Рома ухватился за клюшку, но никак не мог начать движение. На него опять вдруг накатило пораженческое чувство. Дело было не в том, что брат сильнее и скорее всего победит- сдаваться Рома не собирался – что-то сопротивлялось в нем самим принципам игры. Борьба, соперничество- вот что не нравилось ему. Почему он постоянно должен доказывать всем, что способен на большее, а сейчас вот и брату, что может у него наконец-то выиграть. Ему не хотелось этого совсем. Убеждать себя тем более не было никакой необходимости, получалась полная ерунда. То есть он, Рома, обязан доказать себе, наверно какому-то другому Роме внутри, что станет круче и сильнее? Спорить с самим собой разве нормально? А подраться с самим собой? Кто этот ненасытный монстр, который   появляется неожиданно и начинает истязать самого себя изнутри непомерными требованиями? Брат бы дал ответ.Чувство воодушевления от победы над соперником, присущее ему, никогда не радовало Рому, а наоборот, вызывало какое-то ощущение вины. Кто сильнее, тот и лучше, такой звучал посыл в школе и во дворе, и чаще всего именно отец поддерживал этот дух соревновательности сыновей, против которого младший из них безвольно сопротивлялся.
 
Рома все же собрался и повел шайбу, но бесхитростная обводка не удалась, брат ударил по клюшке и отобрал черный диск, забросив его в каменные ворота. Так продолжалось несколько розыгрышей, пока в одном из раундов противостояние не перешло в борьбу, и толкотня закончилась тем, что клюшка соскользнула, сильно ударив Рому по ноге. Вскрикнув, он присел на колено, а брат спокойно закатил шайбу:
 
- Ты чего упал? Все по правилам было.
-Ты специально ударил меня. В твои ворота буллит надо назначить, с пересечением линии.

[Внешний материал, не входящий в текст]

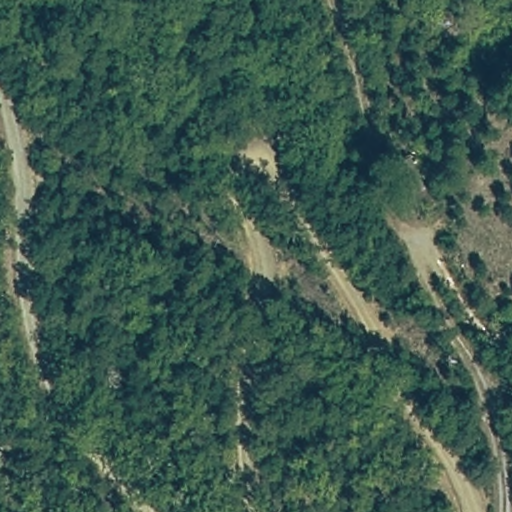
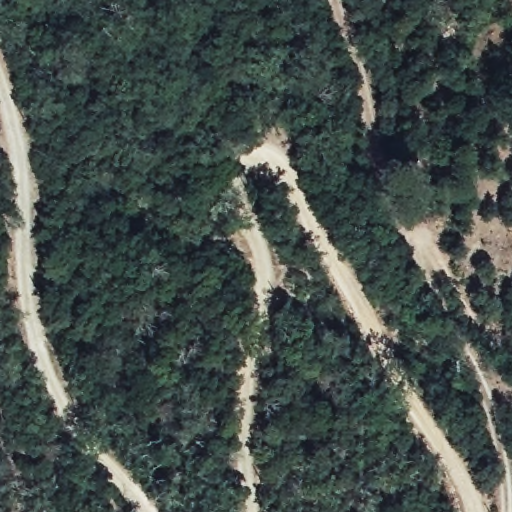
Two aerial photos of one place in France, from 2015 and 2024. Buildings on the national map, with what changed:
[]

- Какой еще буллит, только что придумал? Это игровой момент, случайный.
- Нет, буллит и раньше был в правилах.
- Что ты врешь. Хотя ладно, бей.

Обозленный Рома разбежался и что есть мочи ударил: брат едва успел подпрыгнуть, как шайба пролетела под его ногами в ворота. Разница в счете сократилась. Совсем не расстроившийся соперник улыбнулся и с каким-то особым азартом продолжил борьбу, с каждым раундом усиливая напор. После очередного пропущенного гола, по мнению Ромы опять сомнительно забитого, он снял шапку и, тяжело дыша, вытер пот. У него больше не было сил, только непонятно откуда взявшаяся обида охватила нутро, и ее оказалось достаточно, чтобы плюнуть на все и пойти домой:

- Ты куда? И на этом все, так рано?
- Ты нечестно играешь, больше вообще не буду с тобой играть.
- Ладно, давай я тебе фору дам в две шайбы.

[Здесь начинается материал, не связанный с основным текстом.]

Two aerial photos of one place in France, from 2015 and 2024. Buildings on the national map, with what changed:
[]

- Нет, я устал от этой ерунды.
Дома его встретил отец, который заметил на раскрасневшемся лице сына слезы. На вопрос: «Что случилось?» - Рома не стал отвечать, только сказал что хоккей- игра дурацкая и бесполезная, и в ней он никогда больше не будет участвовать. Когда в квартиру зашел розовощекий и довольный брат, то увидел, как улыбающийся отец обнимает расстроенного младшего сына. 
 

Прошло три месяца, и весенним вечером, теперь уже совсем не подходившем для хоккея, Рома с особой осторожностью делал шаги по тонкой наледи: он успел уже два раза упасть и коленка, возможно, под зимними штанами кровоточила. Идея была плохой, выйти гулять в резиновых сапогах, но на улице не декабрь месяц свирепствовал, на носу маячил апрель, и ручьи талой воды затопили ближайшие дороги, так что выбор в обуви казался очевидным. Правда, с заходом солнца вода замерзла, и кораблики запускать стало невозможно. Старший брат предложил выискивать скрытые ручьи подо льдом, а потом крушить его, таким способом запуская миниатюрный ледоход. И если бы спросили Рому, зачем делать это вечером, то в ответ он пожал бы плечами и кивнул в сторону брата, который объяснил происходящее одним словом – скучно. Родители уехали в Москву за продуктами на поезде «березка», предоставив детей самим себе, где старшой, достаточно взрослый уже, мог присмотреть за младшим.
 
Скоро десять, они должны уже приехать, подумал Рома и со всей силой ударил пяткой по прозрачному льду. Большой кусок наледи откололся и тут же рассыпался, погрузив Романа в неглубокую яму. «Черт, сапоги затопило», - крикнул он, моментально выпрыгнув на снег. Старший брат подбежал оценить ситуацию: «Зачем ты подвернул их, - негодующе спросил он,- видишь, как у меня?» - показал на свои бахилы брат и прыгнул двумя ногами в яму. Пробежала волна, требовавшая срочного разгона и Рома, быстро расправив сапоги, не задумываясь сиганул в лужу. В таком состоянии их и увидели родители, груженые тяжелыми продуктовыми сумками. Последующее наказание не заставило себя долго ждать, как и чай с медом, ведь сыновья могли заболеть.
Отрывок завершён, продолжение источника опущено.